In an effort to standardize identifiers and reduce duplication, NCBI has been re-annotating its bacterial genomes with RefSeq release 70. We have newly computed all GI and AMR predictions on the RefSeq files retrieved on Feb 09, 2017. Moreover, old protein accessions of curated virulence factors have been mapped to their new non-redundant protein accessions to ensure a proper annotation transfer for users using the latest genome files. However, users submitting older or newer genome files, GenBank files (as opposed to RefSeq), might obtain different GI predictions and virulence factors based on differences in annotation and in the protein accession numbers.
Within the summary table below the interactive display, any GIs containing annotated virulence genes, resistance genes or pathogen-associated genes will be indicated under the "External Annotations" column. You can alternatively determine overlap by manually checking annotations in the genome visualization when you click on a GI. Keep in mind that the annotations available here are by no means complete and are not available for every genome so if you do not see any annotated islands, there still may be a pathogenicity or resistance island in your genome of interest. Further investigation of the types of genes within the GI predictions will be crucial for classifying these types of GIs.
You can compare two genomes on a single page by clicking on "Visualize two genomes" under the figure legend and choosing a genome to compare against. A pop up box should appear at the top of the page where you can select the second genome. This feature will be further improved in the future using sequence-similarity comparisons, but due to differences in criteria by users for matching up similar genomic regions, the simple visual comparison was strongly initially preferred.
We would appreciate anyone using IslandViewer to cite our publications, please see the acknowledgements page for the appropriate citations.
If you are interested in learning more about the computational prediction of GIs, please see the review article by Langille et al., 2010 in Nature Reviews Microbiology.
The login gives you access to a user management interface that lists previously submitted genomes with direct links to their results.
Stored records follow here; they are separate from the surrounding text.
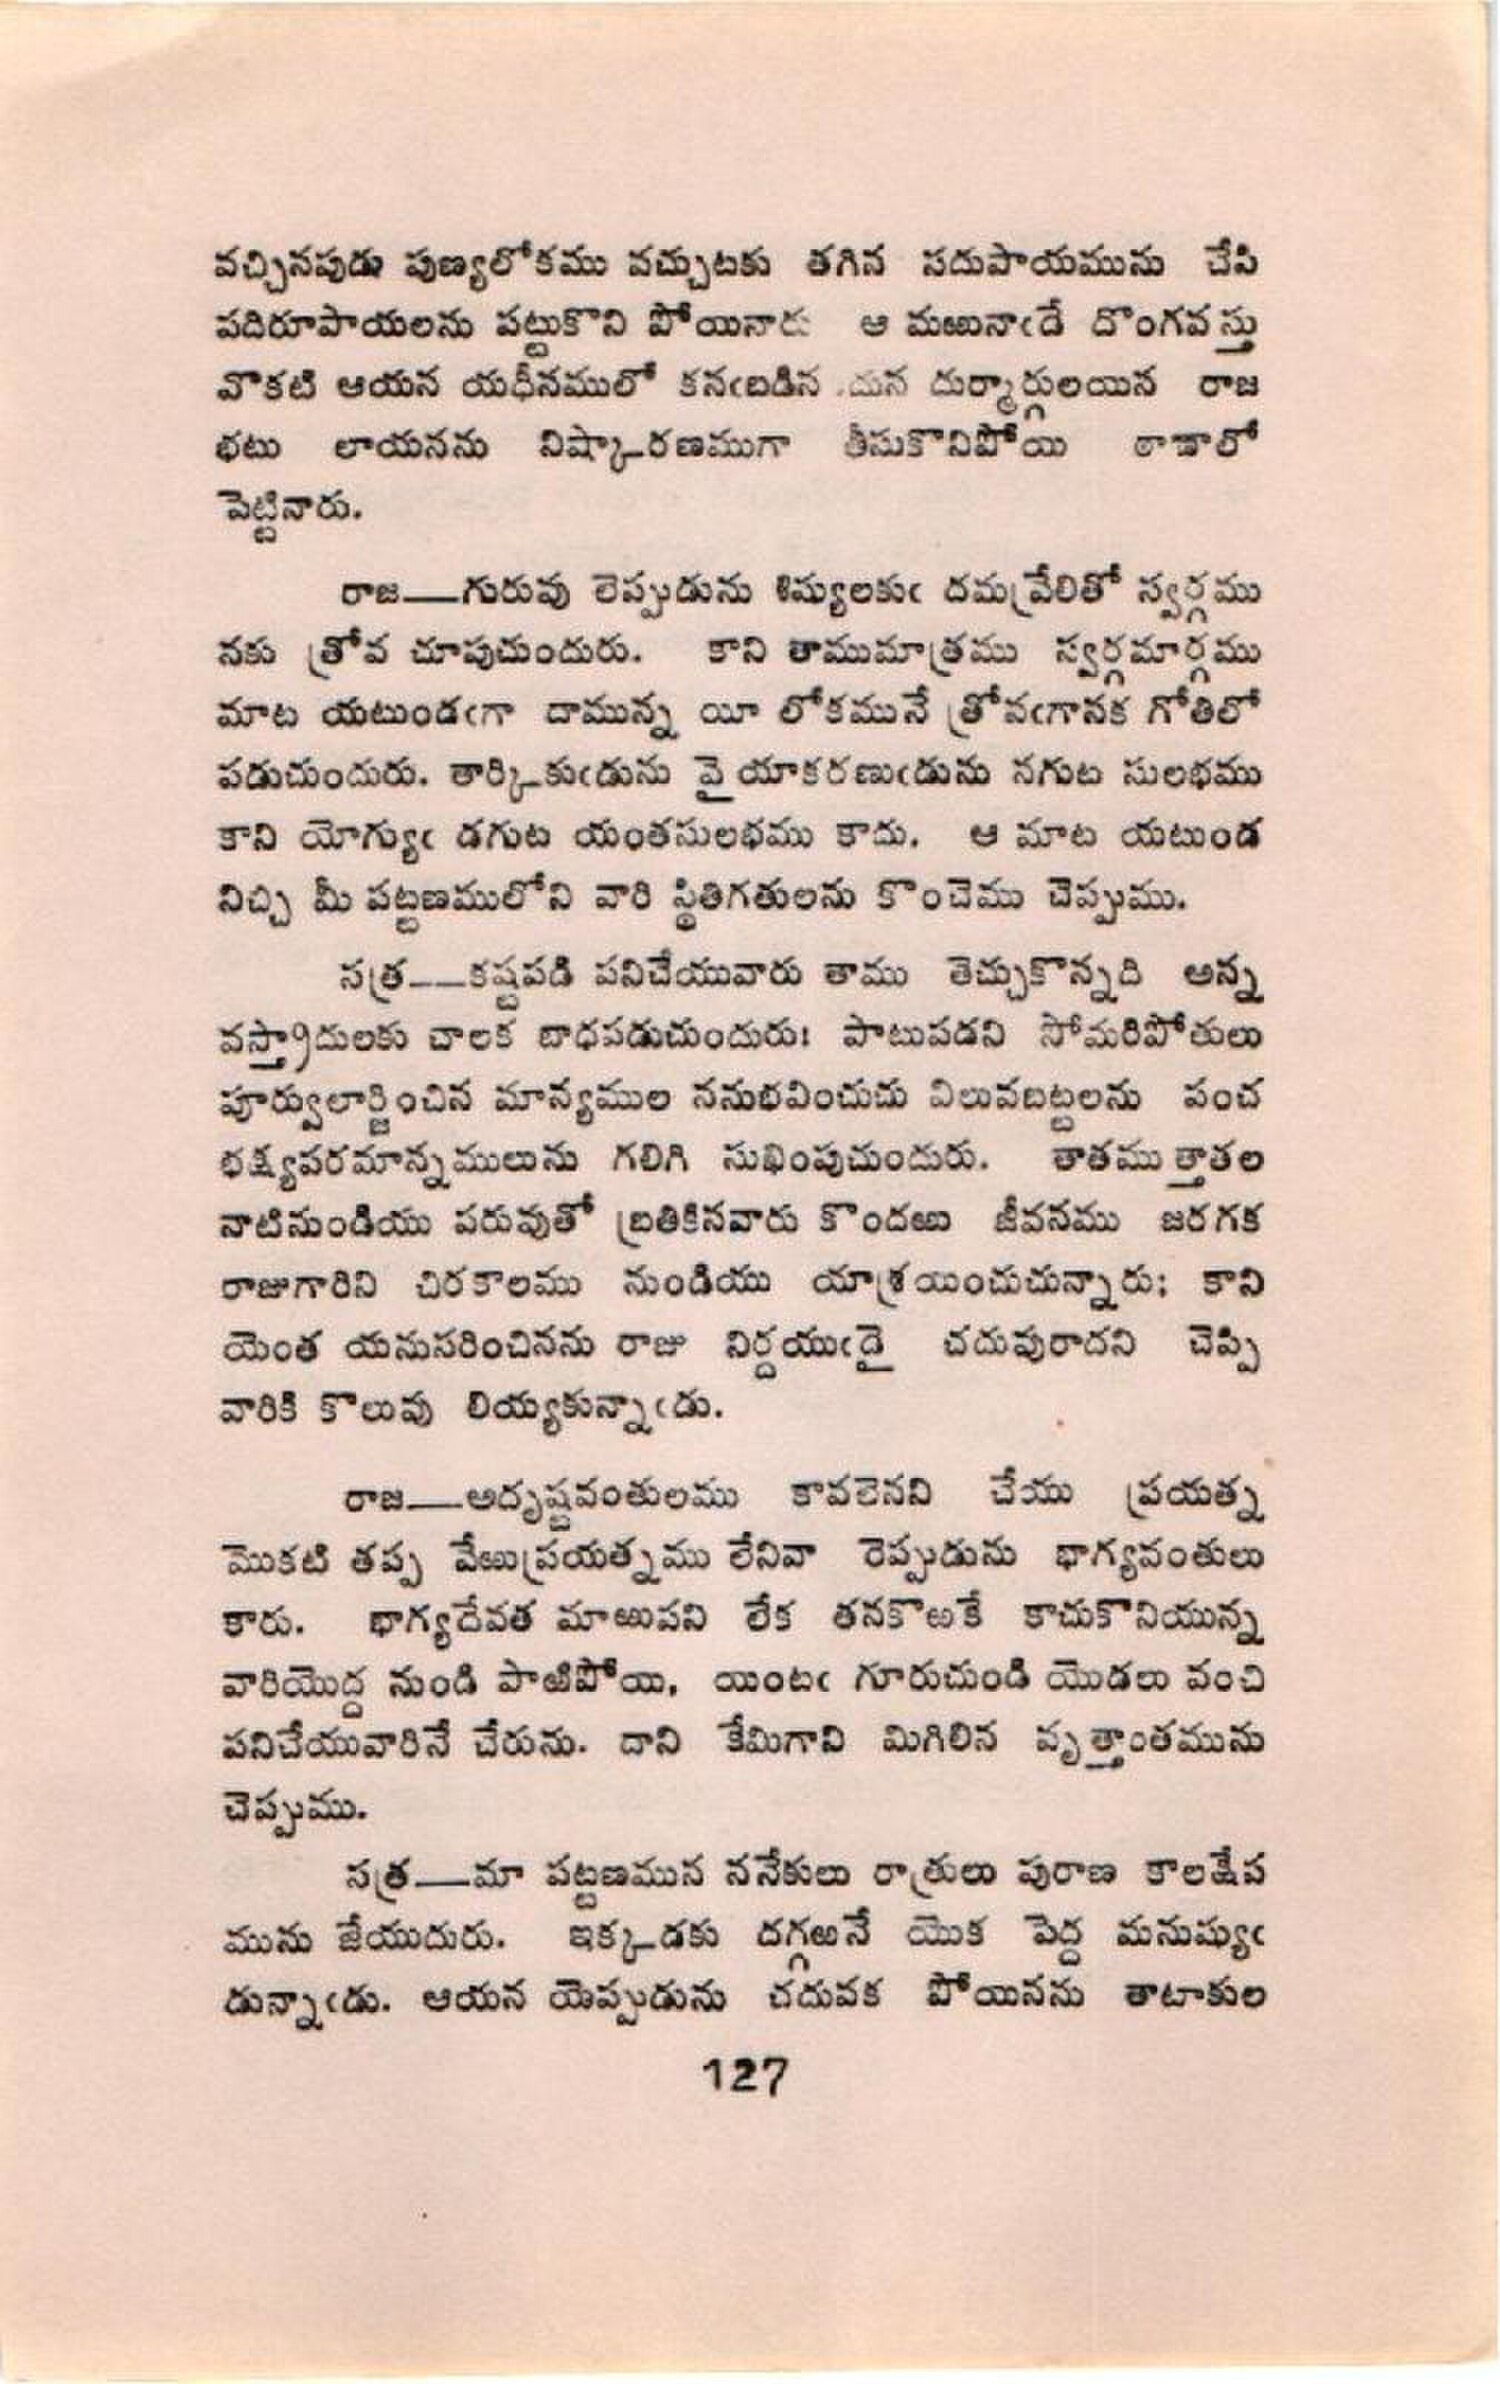వచ్చినపుడు పుణ్యలోకము వచ్చుటకు తగిన సదుపాయమును చేసి పదిరూపాయలను పట్టుకొని పోయినారు ఆ మఱునాఁడే దొంగవస్తు వొకటి ఆయన యధీనములో కనబడిన యన దుర్మార్గులయిన రాజ భటు లాయనను నిష్కారణముగా తీసుకొనిపోయి ఠాణాలో పెట్టినారు.

రాజ__గురువు లెప్పుడును శిష్యులకుఁ దమవ్రేలితో స్వర్గము నకు త్రోవ చూపుచుందురు. కాని తాముమాత్రము స్వర్గమార్గము మాట యటుండఁగా దామున్న యీ లోకమునే త్రోవఁగానక గోతిలో పడుచుందురు. తార్కికుఁడును వైయాకరణుఁడును నగుట సులభము కాని యోగ్యుఁ డగుట యంతసులభము కాదు. ఆ మాట యటుండ నిచ్చి మీ పట్టణములోని వారి స్థితిగతులను కొంచెము చెప్పుము.

సత్ర__కష్టపడి పనిచేయువారు తాము తెచ్చుకొన్నది అన్న వస్త్రాదులకు చాలక బాధపడుచుందురు! పాటుపడని సోమరిపోతుల పూర్వులార్జించిన మాన్యముల ననుభవించుచు విలువబట్టలను పంచ భక్ష్యపరమాన్నములను గలిగి సుఖింపుచుందురు. తాతముత్తాతల నాటినుండియు పరువుతో బ్రతికినవారు కొందఱు జీవనము జరగక రాజుగారిని చిరకాలము నుండియు యాశ్రయించుచున్నారు; కాని యెంత యనుసరించినను రాజు నిర్ణయుఁడై చదువురాదని చెప్పి వారికి కాలువ లియ్యకున్నాఁడు.

రాజ__ఆదృష్టవంతులము కావలెనని చేయు ప్రయత్న మొకటి తప్ప వేఱుప్రయత్నము లేనివా రెప్పడును భాగ్యవంతులు కారు. భాగ్యదేవత మాఱుపని లేక తనకొఱకే కాచుకొనియున్న వారియొద్ద నుండి పాఱిపోయి యింట గూరుచుండి యొడలు వంచి పనిచేయువారినే చేరును. దాని కేమిగాని మిగిలిన వృత్తాంతమును చెప్పము.

సత్ర__మా పట్టణమున ననేకులు రాత్రులు పురాణ కాలక్షేప మును జేయుదురు. ఇక్కడకు దగ్గఱనే యొక పెద్ద మనుష్యుఁ డున్నాఁడు. ఆయన యెప్పుడును చదువక పోయినను తాటాకుల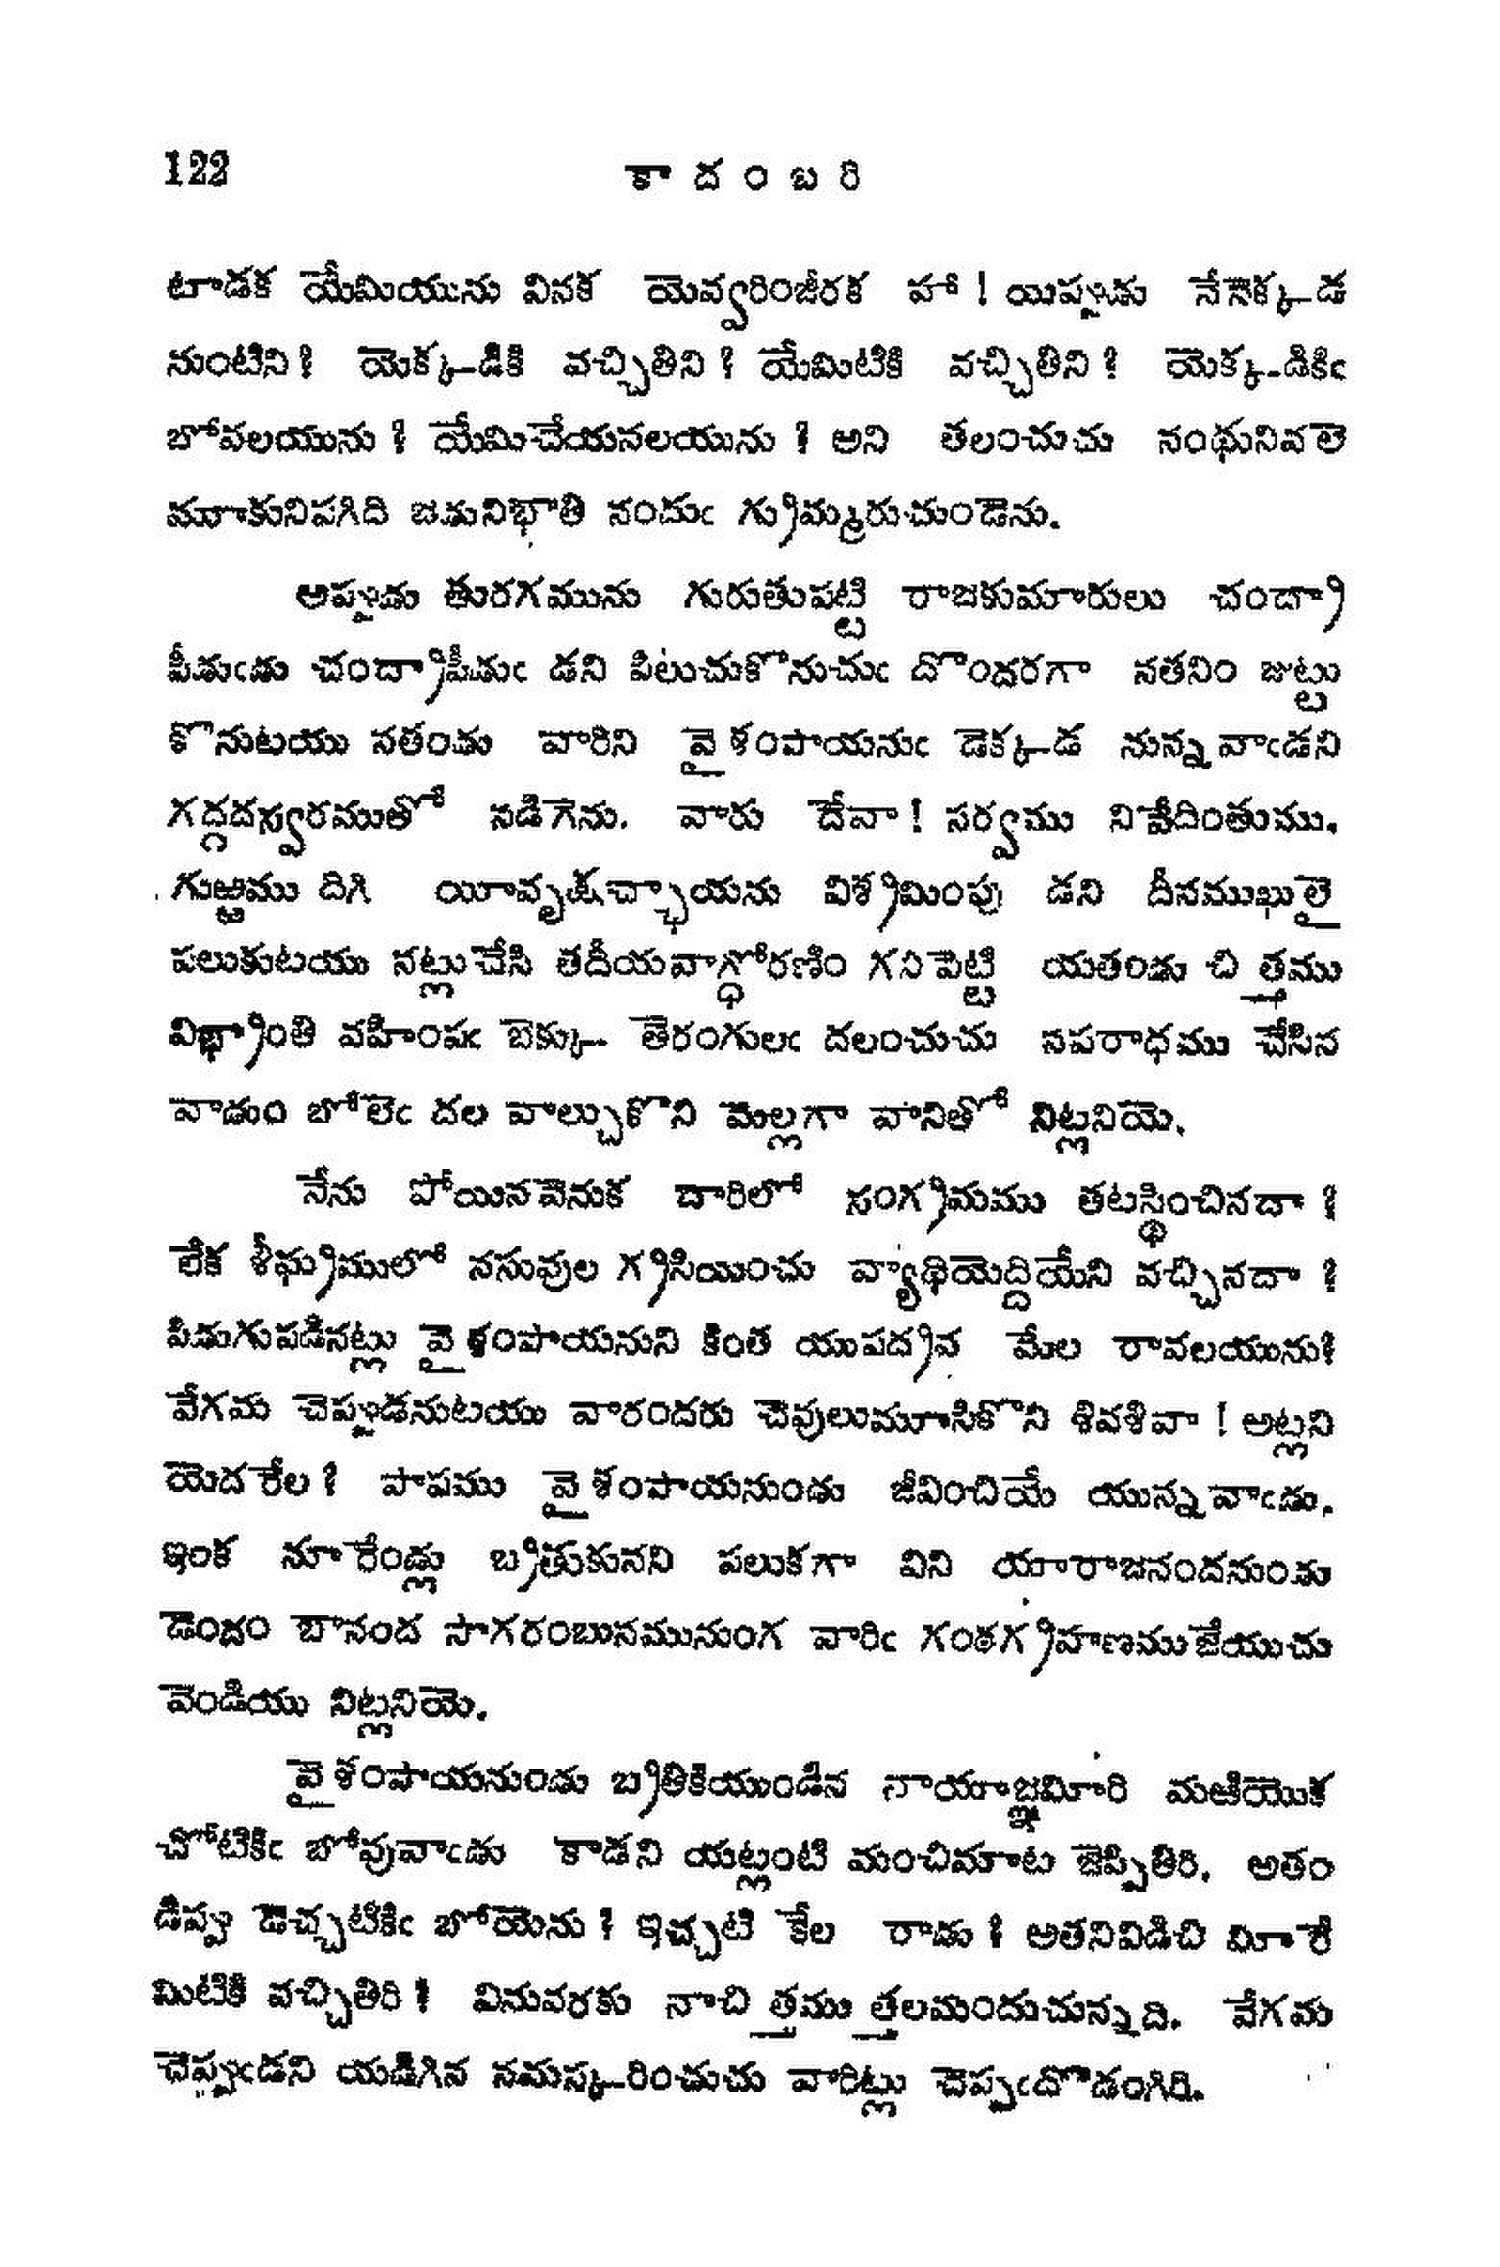టాడక యేమియును వినక యెవ్వరింజీరక హా! యిప్పుడు నేనెక్కడ నుంటిని? యెక్కడికి వచ్చితిని? యేమిటికి వచ్చితిని? యెక్కడికిఁ బోవలయును? యేమిచేయవలయును? అని తలంచుచు నంథునివలె మూకునిపగిది జడునుభాతి నందుఁ గ్రుమ్మరుచుండెను.

అప్పుడు తురగమును గురుతుపట్టి రాజకుమారులు చంద్రాపీడుఁడు చంద్రాపీడుఁ డని పిలుచుకొనుచుఁ దొందరగా నతనిం జుట్టు కొనుటయు నతండు వారిని వైశంపాయనుఁ డెక్కడ నున్నవాఁడని గద్గదస్వరముతో నడిగెను. వారు దేవా! సర్వము నివేదింతుము. గుఱ్ఱము దిగి యీవృక్షచ్ఛాయను విశ్రమింపు డని దీనముఖులై పలుకుటయు నట్లుచేసి తదీయవాగ్ధోరణిం గనిపెట్టి యతండు చిత్తము విభ్రాంతి వహింపఁ బెక్కు తెరంగులఁ దలంచుచు నపరాధము చేసిన వాడుం బోలెఁ దల వాల్చుకొని మెల్లగా వానితో నిట్లనియె.

నేను పోయినవెనుక దారిలో సంగ్రమము తటస్థించినదా? లేక శీఘ్రములో నసువుల గ్రసియించు వ్యాథియెద్దియేని వచ్చినదా? పిడుగుపడినట్లు వైశంపాయనుని కింత యుపద్రవ మేల రావలయును? వేగమ చెప్పుడనుటయు వారందరు చెవులుమూసికొని శివశివా! అట్లనియెదరేల? పాపము వైశంపాయనుండు జీవించియే యున్నవాఁడు. ఇఁక నూరేండ్లు బ్రతుకునని పలుకగా విని యారాజనందనుండు డెందం బానంద సాగరంబునమునుంగ వారిఁ గంఠగ్రహణముజేయుచు వెండియు నిట్లనియె.

వైశంపాయనుండు బ్రతికియుండిన నాయాజ్ఞమీరి మఱియొక చోటికిఁ బోవువాఁడు కాడని యట్లంటి మంచిమాట జెప్పితిరి. అతం డిప్పు డెచ్చటికిఁ బోయెను? ఇచ్చటి కేల రాడు? అతనివిడిచి మీరేమిటికి వచ్చితిరి? వినువరకు నాచిత్తముత్తలమందుచున్నది. వేగమ చెప్పుఁడని యడిగిన నమస్కరించుచు వారిట్లు చెప్పఁదొడంగిరి.

Login is currently possible using Google, Twitter and Github credentials, but remains entirely optional. It also enables you to generate an authentication token to use the HTTP API (see below and here) as an authenticated user, hence enabling to retrieve information about past genome submission status and results.
IslandViewer 4 now integrates a HTTP API (REST API) that enable users to submit a larger number of genomes and retrieve predictions automatically using various programming languages. Please check out our specific HTTP API page.